Text only, exactly as given: reproduce the entries below without their pictures.

Extracted data entries
---

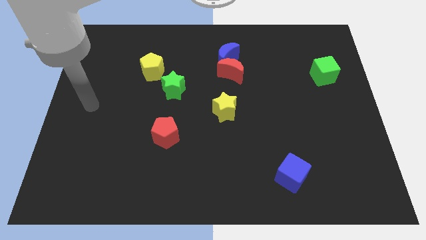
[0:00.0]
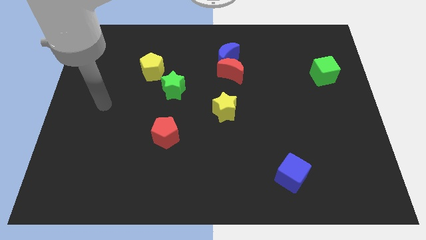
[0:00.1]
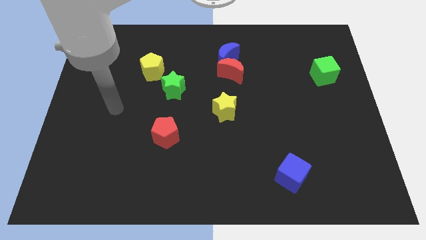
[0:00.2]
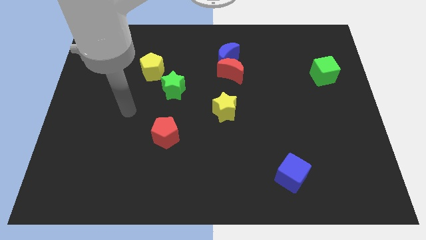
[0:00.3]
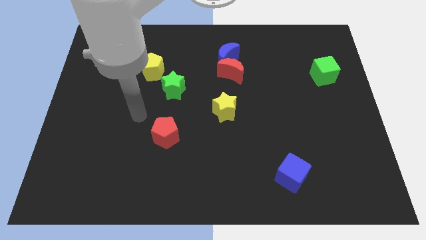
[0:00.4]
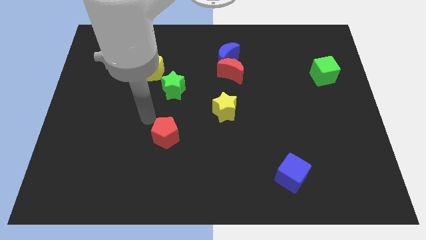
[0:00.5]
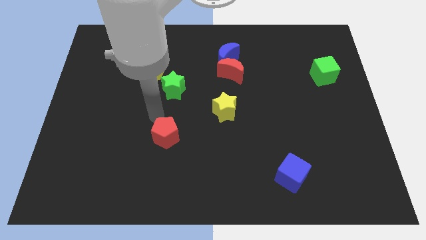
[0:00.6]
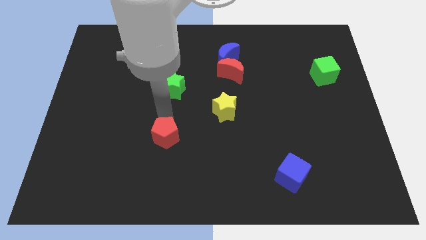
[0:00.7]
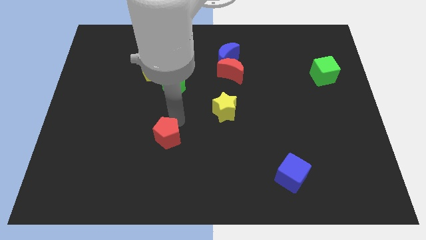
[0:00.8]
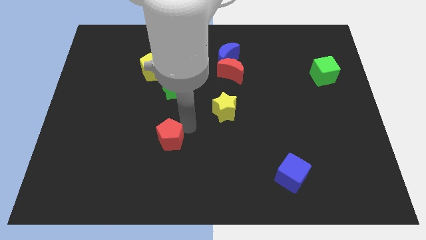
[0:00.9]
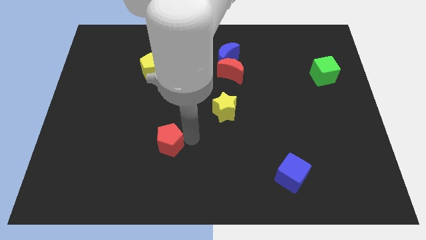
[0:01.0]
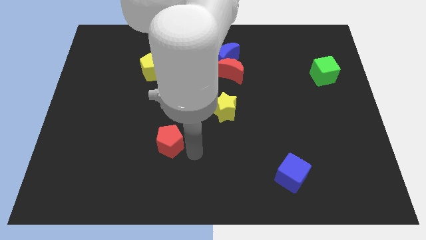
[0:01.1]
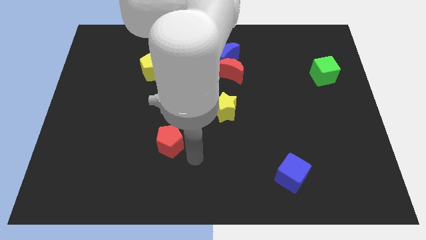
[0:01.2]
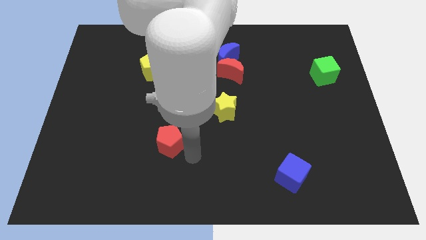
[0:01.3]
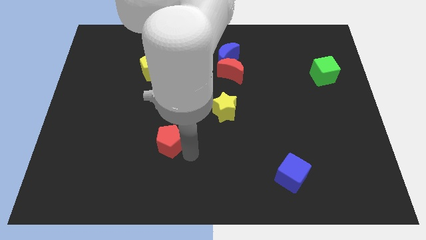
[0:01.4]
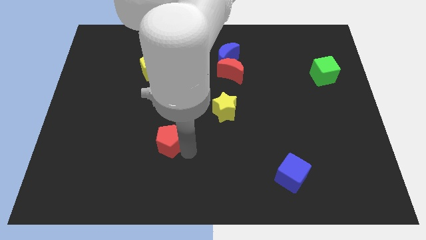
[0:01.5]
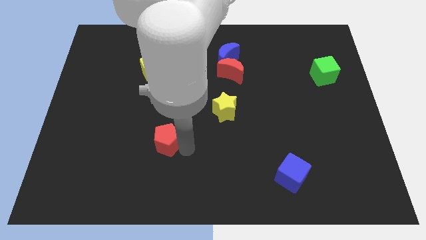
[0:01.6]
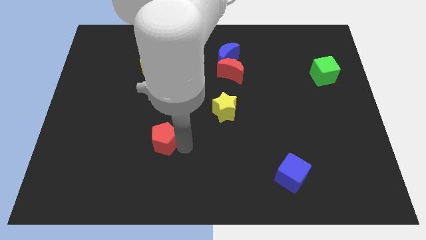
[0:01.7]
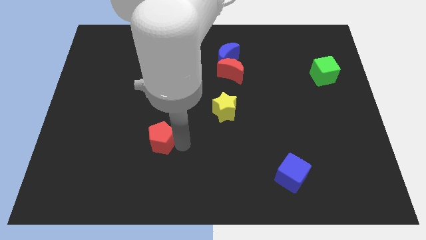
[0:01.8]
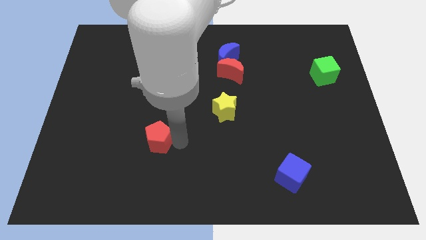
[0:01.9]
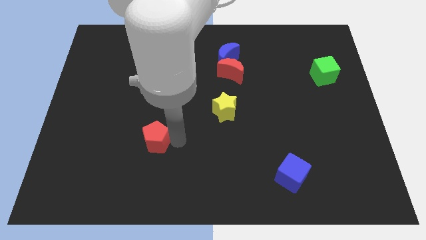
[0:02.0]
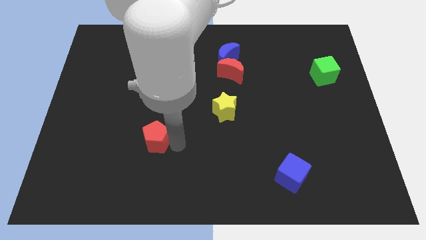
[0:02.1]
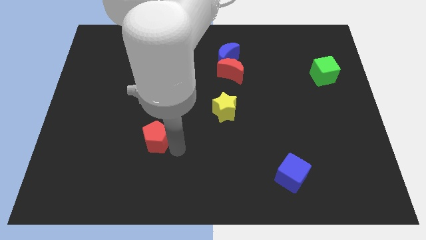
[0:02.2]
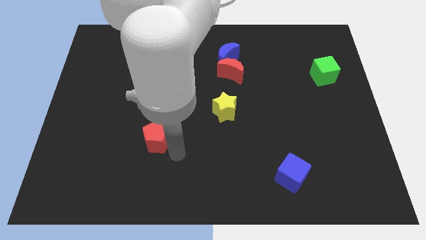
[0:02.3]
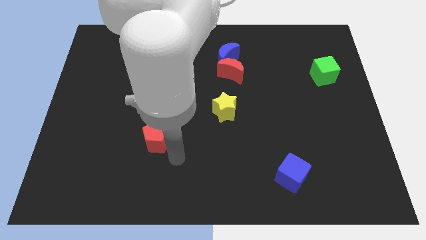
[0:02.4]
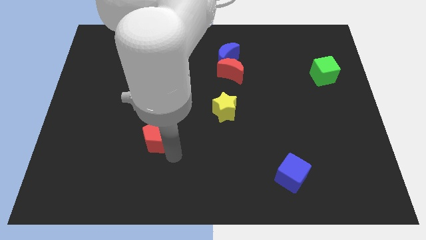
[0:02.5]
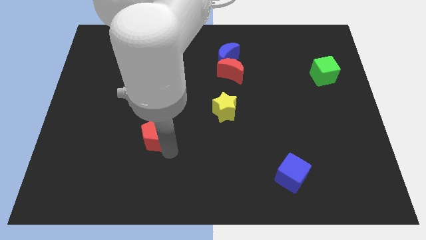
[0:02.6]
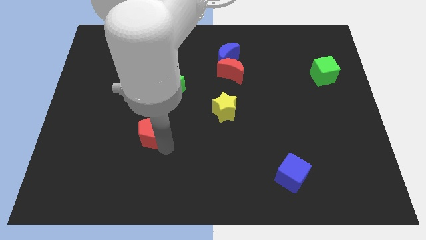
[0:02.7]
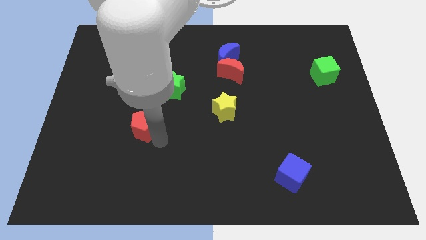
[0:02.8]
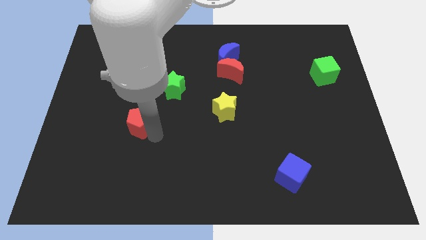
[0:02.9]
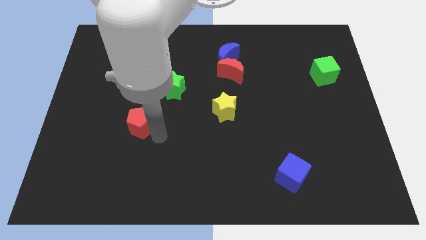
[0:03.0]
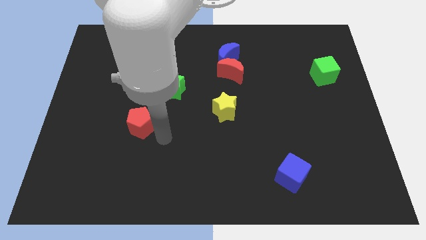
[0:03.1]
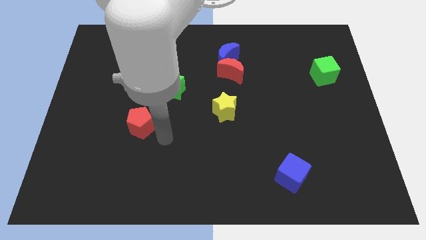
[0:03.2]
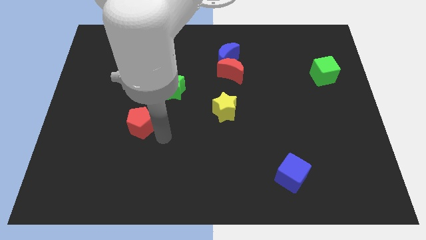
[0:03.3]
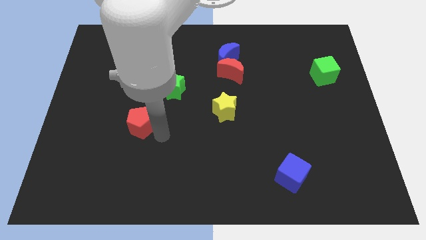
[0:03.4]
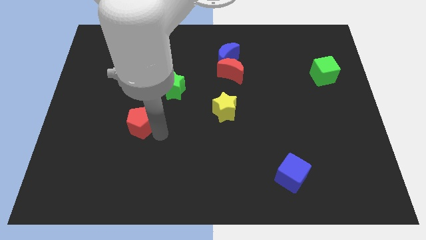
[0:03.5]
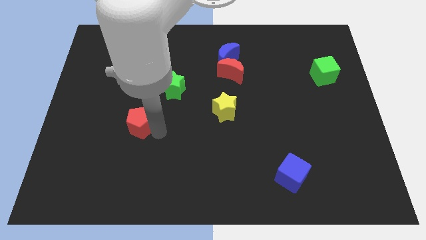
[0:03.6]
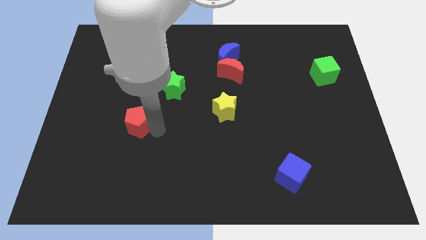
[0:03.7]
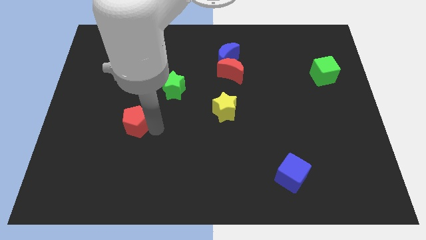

---

§ **Solution to this problem**
[0:00.0]
[0:00.1]
[0:00.2]
[0:00.3]
[0:00.4]
[0:00.5]
[0:00.6]
[0:00.7]
[0:00.8]
[0:00.9]
[0:01.0]
[0:01.1]
[0:01.2]
[0:01.3]
[0:01.4]
[0:01.5]
[0:01.6]
[0:01.7]
[0:01.8]
[0:01.9]
[0:02.0]
[0:02.1]
[0:02.2]
[0:02.3]
[0:02.4]
[0:02.5]
[0:02.6]
[0:02.7]
[0:02.8]
[0:02.9]
[0:03.0]
[0:03.1]
[0:03.2]
[0:03.3]
[0:03.4]
[0:03.5]
[0:03.6]
[0:03.7]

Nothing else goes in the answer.